Dataset items:
————

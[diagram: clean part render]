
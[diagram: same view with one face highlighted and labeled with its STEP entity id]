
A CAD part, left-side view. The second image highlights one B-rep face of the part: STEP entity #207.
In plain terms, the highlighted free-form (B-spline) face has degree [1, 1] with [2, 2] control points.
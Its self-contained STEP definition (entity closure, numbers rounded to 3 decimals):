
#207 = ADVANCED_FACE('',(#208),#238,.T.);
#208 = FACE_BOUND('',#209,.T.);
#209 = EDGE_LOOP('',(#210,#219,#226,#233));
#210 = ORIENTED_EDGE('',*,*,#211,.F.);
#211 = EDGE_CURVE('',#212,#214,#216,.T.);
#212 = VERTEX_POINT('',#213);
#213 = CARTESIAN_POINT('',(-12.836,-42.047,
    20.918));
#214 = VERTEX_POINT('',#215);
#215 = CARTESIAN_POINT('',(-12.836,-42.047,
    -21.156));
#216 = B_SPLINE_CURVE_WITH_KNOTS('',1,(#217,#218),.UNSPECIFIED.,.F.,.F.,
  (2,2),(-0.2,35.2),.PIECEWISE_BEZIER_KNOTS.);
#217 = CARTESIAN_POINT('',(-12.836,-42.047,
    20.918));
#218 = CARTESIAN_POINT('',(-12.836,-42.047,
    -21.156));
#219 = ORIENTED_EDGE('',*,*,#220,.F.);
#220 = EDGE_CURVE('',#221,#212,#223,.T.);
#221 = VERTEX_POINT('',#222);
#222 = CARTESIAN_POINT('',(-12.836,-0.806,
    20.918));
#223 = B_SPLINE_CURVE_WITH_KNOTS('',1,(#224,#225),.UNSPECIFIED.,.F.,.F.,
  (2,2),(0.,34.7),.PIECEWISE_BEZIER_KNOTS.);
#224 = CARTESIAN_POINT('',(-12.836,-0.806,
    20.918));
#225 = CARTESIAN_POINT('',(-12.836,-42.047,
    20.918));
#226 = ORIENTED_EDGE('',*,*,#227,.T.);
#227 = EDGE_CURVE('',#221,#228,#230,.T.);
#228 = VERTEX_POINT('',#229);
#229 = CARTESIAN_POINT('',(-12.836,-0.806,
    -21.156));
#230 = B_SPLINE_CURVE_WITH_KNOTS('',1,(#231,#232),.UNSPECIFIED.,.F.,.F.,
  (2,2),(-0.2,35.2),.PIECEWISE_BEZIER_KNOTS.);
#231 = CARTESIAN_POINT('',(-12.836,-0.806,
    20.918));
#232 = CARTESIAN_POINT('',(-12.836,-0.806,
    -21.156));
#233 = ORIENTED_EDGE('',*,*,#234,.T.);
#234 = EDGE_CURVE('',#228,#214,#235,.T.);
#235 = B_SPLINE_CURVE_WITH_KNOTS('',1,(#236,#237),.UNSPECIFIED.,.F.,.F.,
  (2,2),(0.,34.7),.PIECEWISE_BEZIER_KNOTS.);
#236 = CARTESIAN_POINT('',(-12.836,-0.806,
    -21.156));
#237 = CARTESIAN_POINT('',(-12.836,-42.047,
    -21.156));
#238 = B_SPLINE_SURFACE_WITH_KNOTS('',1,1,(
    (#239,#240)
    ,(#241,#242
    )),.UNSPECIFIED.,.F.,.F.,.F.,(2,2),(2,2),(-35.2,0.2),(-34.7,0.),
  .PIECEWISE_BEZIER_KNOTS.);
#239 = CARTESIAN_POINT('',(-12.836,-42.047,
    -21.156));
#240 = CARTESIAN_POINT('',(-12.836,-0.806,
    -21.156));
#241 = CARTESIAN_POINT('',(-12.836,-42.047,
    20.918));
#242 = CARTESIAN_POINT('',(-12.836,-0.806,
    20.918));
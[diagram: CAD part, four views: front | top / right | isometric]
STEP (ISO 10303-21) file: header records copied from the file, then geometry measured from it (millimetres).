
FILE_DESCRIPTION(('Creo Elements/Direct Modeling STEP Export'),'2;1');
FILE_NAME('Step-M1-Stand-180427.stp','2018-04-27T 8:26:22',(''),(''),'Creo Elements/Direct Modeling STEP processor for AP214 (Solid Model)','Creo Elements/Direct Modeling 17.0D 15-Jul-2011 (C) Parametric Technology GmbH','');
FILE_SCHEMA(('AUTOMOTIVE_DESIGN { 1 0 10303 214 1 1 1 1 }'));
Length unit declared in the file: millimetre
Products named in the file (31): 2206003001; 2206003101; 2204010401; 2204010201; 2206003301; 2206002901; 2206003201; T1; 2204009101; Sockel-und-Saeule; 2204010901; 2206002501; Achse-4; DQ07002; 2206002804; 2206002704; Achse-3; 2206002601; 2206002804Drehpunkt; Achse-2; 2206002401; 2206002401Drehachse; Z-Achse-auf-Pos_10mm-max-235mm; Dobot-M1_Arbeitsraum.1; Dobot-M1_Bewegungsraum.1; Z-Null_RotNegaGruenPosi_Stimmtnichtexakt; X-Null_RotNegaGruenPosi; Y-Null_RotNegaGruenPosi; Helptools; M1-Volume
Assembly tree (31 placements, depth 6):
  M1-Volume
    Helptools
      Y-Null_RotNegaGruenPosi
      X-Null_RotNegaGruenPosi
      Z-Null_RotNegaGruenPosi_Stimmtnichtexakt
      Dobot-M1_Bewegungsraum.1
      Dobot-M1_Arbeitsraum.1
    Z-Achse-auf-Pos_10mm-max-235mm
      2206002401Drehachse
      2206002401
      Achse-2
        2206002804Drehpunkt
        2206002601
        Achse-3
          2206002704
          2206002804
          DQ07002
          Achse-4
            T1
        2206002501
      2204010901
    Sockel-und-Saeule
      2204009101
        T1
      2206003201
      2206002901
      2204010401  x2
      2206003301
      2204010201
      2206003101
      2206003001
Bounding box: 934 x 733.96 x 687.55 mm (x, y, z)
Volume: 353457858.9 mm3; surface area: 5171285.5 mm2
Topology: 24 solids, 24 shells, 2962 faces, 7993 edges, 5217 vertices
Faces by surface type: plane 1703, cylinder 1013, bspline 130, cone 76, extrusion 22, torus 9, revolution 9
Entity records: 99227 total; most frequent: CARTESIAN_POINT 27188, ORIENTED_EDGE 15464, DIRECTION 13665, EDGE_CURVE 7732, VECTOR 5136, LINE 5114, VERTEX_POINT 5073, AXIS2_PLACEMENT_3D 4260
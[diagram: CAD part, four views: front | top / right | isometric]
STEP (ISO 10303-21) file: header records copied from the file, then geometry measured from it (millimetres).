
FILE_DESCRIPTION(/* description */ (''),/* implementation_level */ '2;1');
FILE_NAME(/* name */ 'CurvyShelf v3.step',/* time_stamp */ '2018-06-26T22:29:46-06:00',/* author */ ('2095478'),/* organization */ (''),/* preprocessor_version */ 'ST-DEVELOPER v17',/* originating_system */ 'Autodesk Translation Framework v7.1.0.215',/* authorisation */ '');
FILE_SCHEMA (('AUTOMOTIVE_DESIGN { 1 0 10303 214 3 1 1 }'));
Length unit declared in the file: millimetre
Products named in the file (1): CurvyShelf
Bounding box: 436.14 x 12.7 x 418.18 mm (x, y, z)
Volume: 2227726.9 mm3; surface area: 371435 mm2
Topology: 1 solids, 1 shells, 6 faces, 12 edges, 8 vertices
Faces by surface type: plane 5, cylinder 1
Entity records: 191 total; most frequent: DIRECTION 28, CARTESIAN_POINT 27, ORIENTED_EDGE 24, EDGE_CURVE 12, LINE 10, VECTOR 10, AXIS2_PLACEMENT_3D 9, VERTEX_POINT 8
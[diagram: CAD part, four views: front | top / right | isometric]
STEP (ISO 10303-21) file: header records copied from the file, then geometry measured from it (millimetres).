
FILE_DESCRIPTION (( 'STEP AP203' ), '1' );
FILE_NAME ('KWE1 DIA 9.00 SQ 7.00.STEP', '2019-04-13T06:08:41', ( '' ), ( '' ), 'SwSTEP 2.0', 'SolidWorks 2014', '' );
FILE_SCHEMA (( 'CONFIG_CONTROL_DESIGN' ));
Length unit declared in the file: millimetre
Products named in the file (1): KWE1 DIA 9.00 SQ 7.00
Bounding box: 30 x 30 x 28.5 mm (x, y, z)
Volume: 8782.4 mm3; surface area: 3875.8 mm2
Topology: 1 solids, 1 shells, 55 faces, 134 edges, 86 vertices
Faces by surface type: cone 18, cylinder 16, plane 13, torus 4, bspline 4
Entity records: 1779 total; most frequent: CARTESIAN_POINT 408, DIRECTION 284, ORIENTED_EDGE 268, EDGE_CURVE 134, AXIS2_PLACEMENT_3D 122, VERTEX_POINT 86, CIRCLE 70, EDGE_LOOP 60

————

WORK TASK:
Report all lines of the data that include the word "VECTOR".

EXERCISE ANSWER:
Entity records: 99227 total; most frequent: CARTESIAN_POINT 27188, ORIENTED_EDGE 15464, DIRECTION 13665, EDGE_CURVE 7732, VECTOR 5136, LINE 5114, VERTEX_POINT 5073, AXIS2_PLACEMENT_3D 4260
Entity records: 191 total; most frequent: DIRECTION 28, CARTESIAN_POINT 27, ORIENTED_EDGE 24, EDGE_CURVE 12, LINE 10, VECTOR 10, AXIS2_PLACEMENT_3D 9, VERTEX_POINT 8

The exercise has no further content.